Provided data: Begin

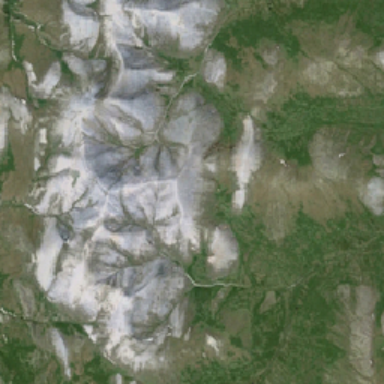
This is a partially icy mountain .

Provided data: End
Provided data: Begin

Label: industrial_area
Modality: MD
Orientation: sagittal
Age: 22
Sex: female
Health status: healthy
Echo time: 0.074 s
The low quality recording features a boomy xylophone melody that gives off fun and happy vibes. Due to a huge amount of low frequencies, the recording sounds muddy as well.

Provided data: End
Provided data: Begin

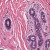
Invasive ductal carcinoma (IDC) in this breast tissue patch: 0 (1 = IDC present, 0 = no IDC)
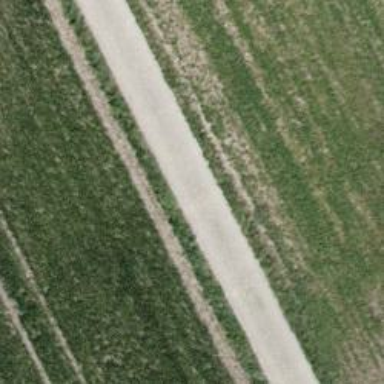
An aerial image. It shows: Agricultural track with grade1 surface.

Provided data: End

What the task requires >> The lines above starting at the one that holds "Invasive ductal carcinoma" and ending at the one that holds "An aerial image." are to be written out exactly, ends included, and no pictures are to be copied.

Completed task >>
Invasive ductal carcinoma (IDC) in this breast tissue patch: 0 (1 = IDC present, 0 = no IDC)
An aerial image. It shows: Agricultural track with grade1 surface.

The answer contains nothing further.